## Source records
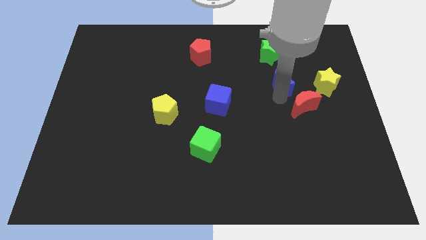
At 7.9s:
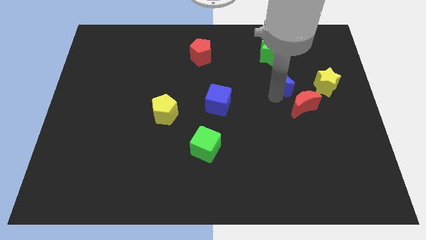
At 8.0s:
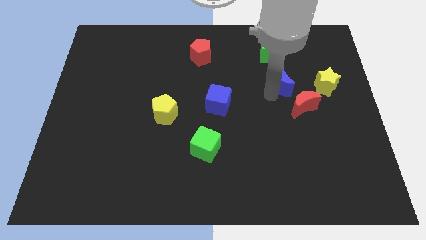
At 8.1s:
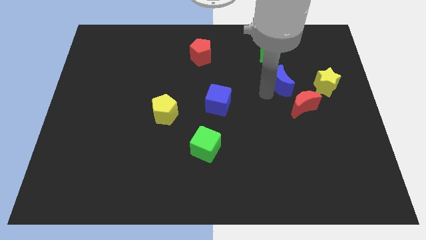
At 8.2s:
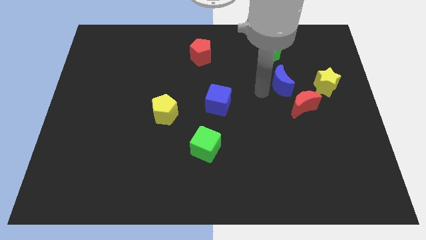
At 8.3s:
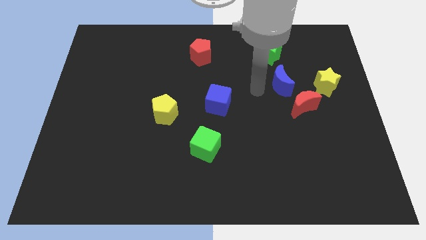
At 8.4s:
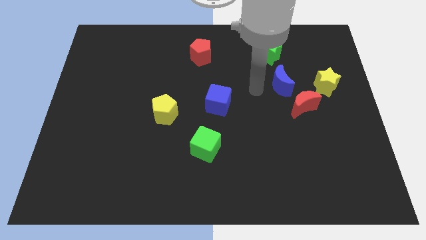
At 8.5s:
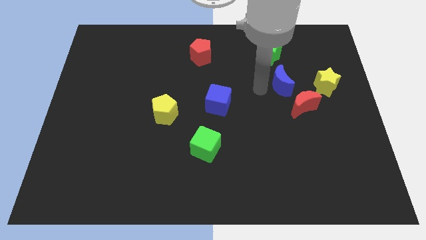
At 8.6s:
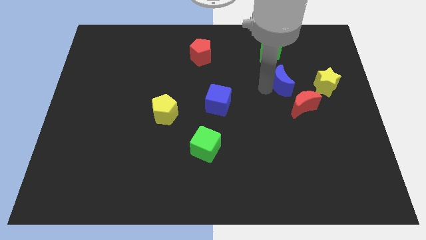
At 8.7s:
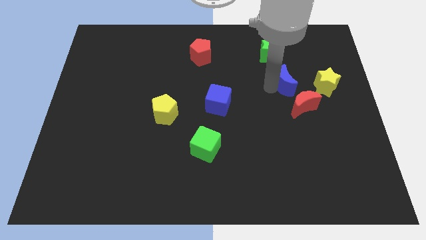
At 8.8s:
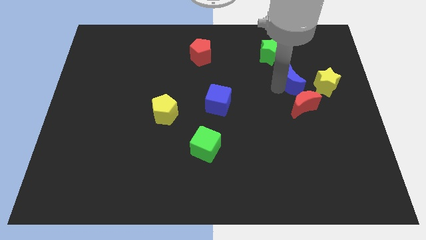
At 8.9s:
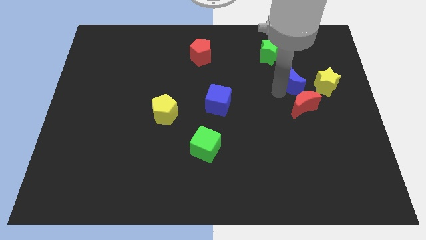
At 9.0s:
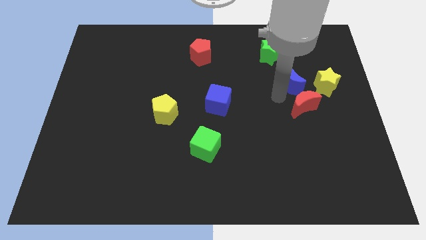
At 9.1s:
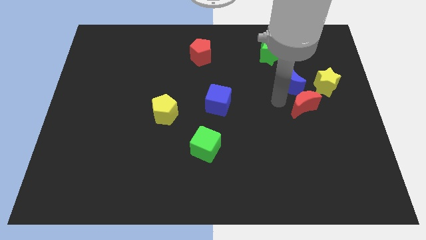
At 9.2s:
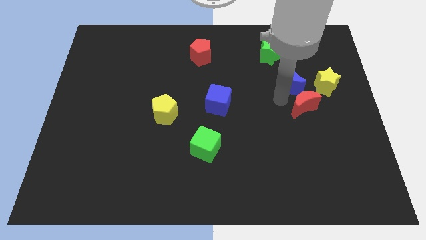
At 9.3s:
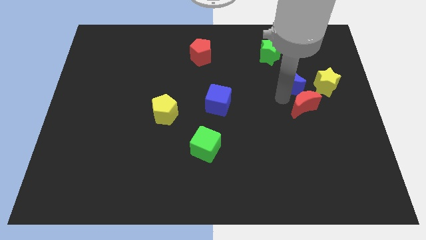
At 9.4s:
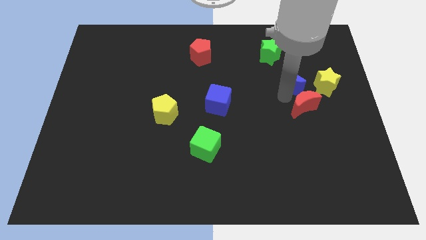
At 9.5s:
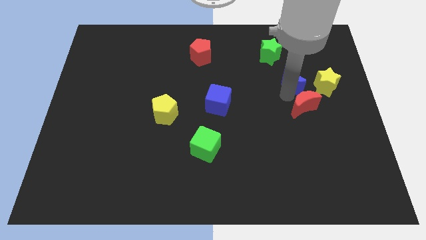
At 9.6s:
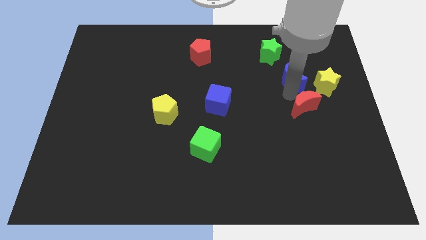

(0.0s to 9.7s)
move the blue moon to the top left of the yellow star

## WHAT THE TASK REQUIRES
A faithful copy of every record is needed here. Leave the images out of it.

## SOLUTION TO THIS EXERCISE
At 7.9s:
At 8.0s:
At 8.1s:
At 8.2s:
At 8.3s:
At 8.4s:
At 8.5s:
At 8.6s:
At 8.7s:
At 8.8s:
At 8.9s:
At 9.0s:
At 9.1s:
At 9.2s:
At 9.3s:
At 9.4s:
At 9.5s:
At 9.6s:

(0.0s to 9.7s)
move the blue moon to the top left of the yellow star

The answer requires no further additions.